- WHAT TO DO -
Where an entry below contains an image, skip the image and reproduce the rest exactly.

- RECORDS FOR THE EXERCISE -
--- START ---

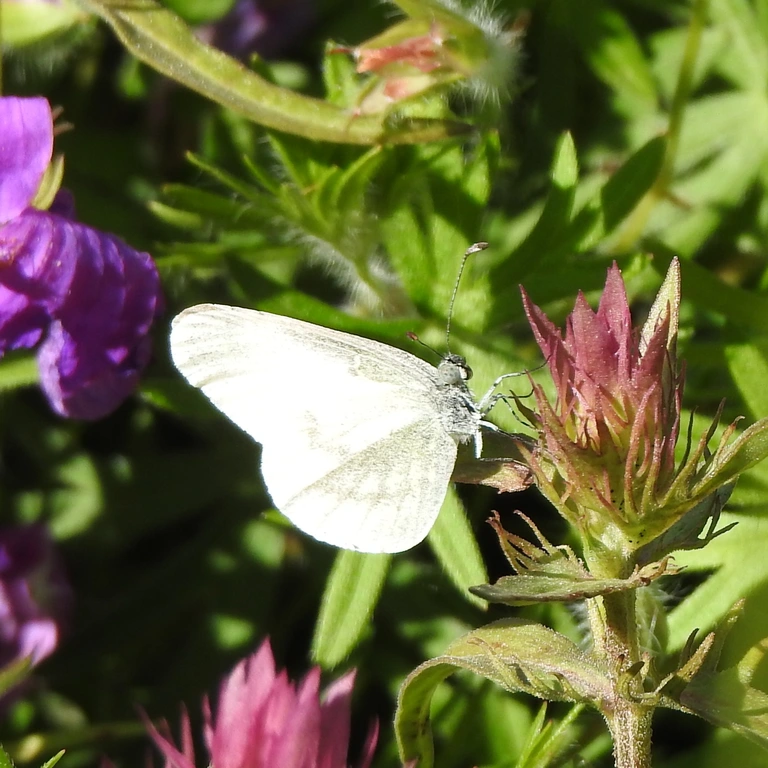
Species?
Leptidea sinapis/juvernica
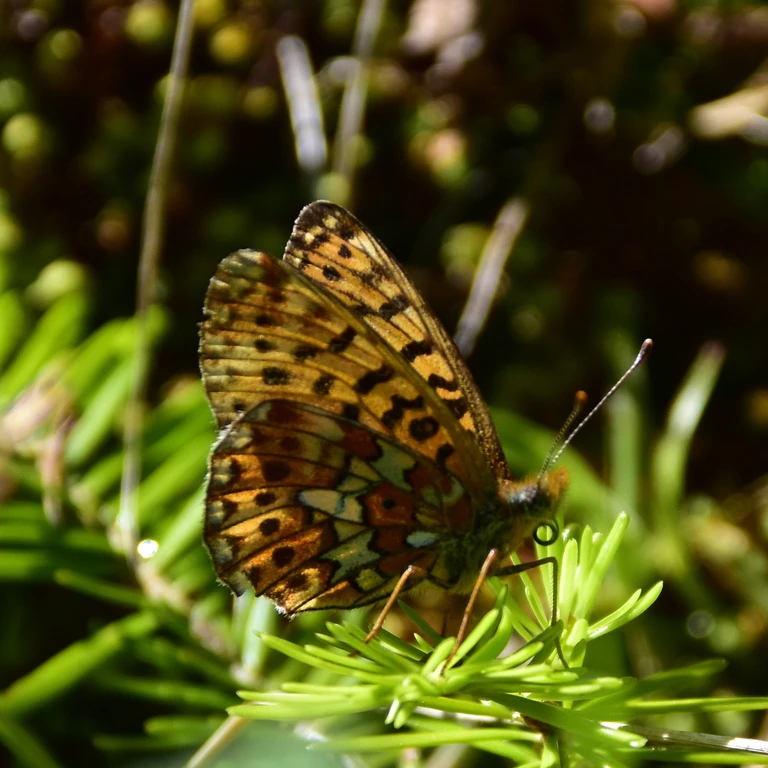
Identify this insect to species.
Boloria euphrosyne (also Clossiana euphrosyne)
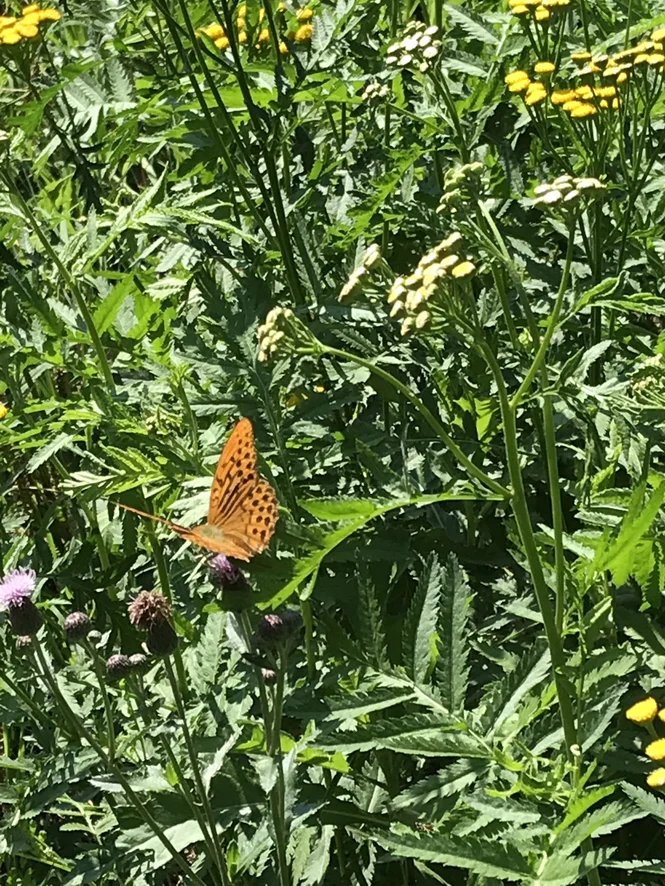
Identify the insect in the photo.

--- END ---

- RESPONSE TO THIS TASK -
Species?
Leptidea sinapis/juvernica
Identify this insect to species.
Boloria euphrosyne (also Clossiana euphrosyne)
Identify the insect in the photo.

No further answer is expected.